During my overseas semester with TAM in the Spring of 2015 in Prague, I came across this protest in the middle of the main square:

 

I had been captivated by the Maidan revolution the prior winter, and my time in TAM expanded my geopolitical understanding around what would or might be done to ensure peace. I interned with the Czech Helsinki Committee, which was born out of the Helsinki Accords and its detente for peace. However, Russia’s full-on invasion of Ukraine has shattered my understanding of the international order that Europe had created to ensure peace following the horrors of two World Wars. Economic co-dependence, or making war far too costly for any country to partake in, has backfired and led to the exact situation which Europe sought to prevent.
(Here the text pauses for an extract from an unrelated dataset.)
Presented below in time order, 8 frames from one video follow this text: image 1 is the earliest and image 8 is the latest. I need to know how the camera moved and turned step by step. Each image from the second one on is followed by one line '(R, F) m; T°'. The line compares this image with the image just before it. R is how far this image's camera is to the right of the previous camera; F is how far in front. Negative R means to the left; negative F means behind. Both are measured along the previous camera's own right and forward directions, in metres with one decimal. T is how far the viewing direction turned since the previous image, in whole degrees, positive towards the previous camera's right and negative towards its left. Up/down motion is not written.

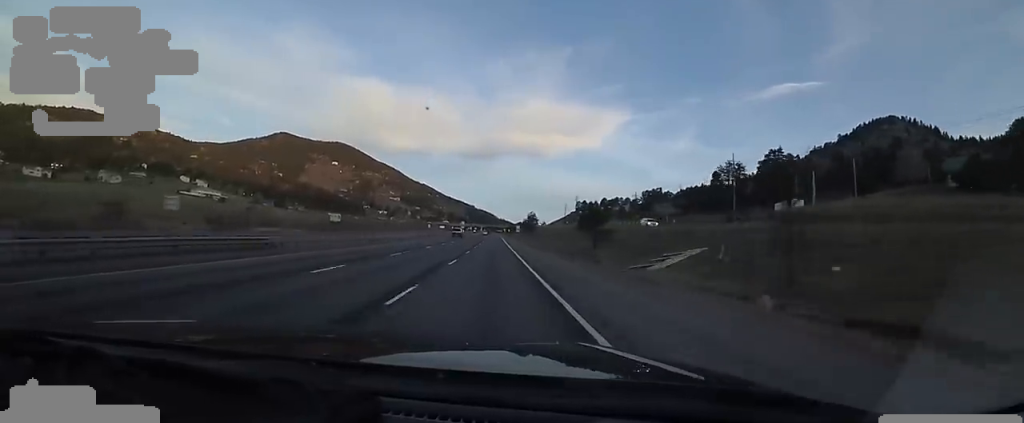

All of us in TAM have studied and learned this European order, and when this war is over, when Ukraine wins, a new order will be voted on by Europeans in their respective countries. And Ukraine must win, let there not be a mistake about that.

I went to Ukraine after my semester in Prague as an intern with the US Embassy in Kyiv and spent a further 2 years in the country with the Peace Corps. As a tourist, you could ignore that the country was still at war, but in getting to know the country well, the scars were readily apparent. One of my favorite moments during the Peace Corps was hearing a big Ukrainian man who was a volunteer chaperon, emotionally tell me during a hiking trip for children that these moments made the horror of fighting in the Donbas worth it. I cannot do justice to the pain and emotion that many of my Ukrainian friends and colleagues feel now.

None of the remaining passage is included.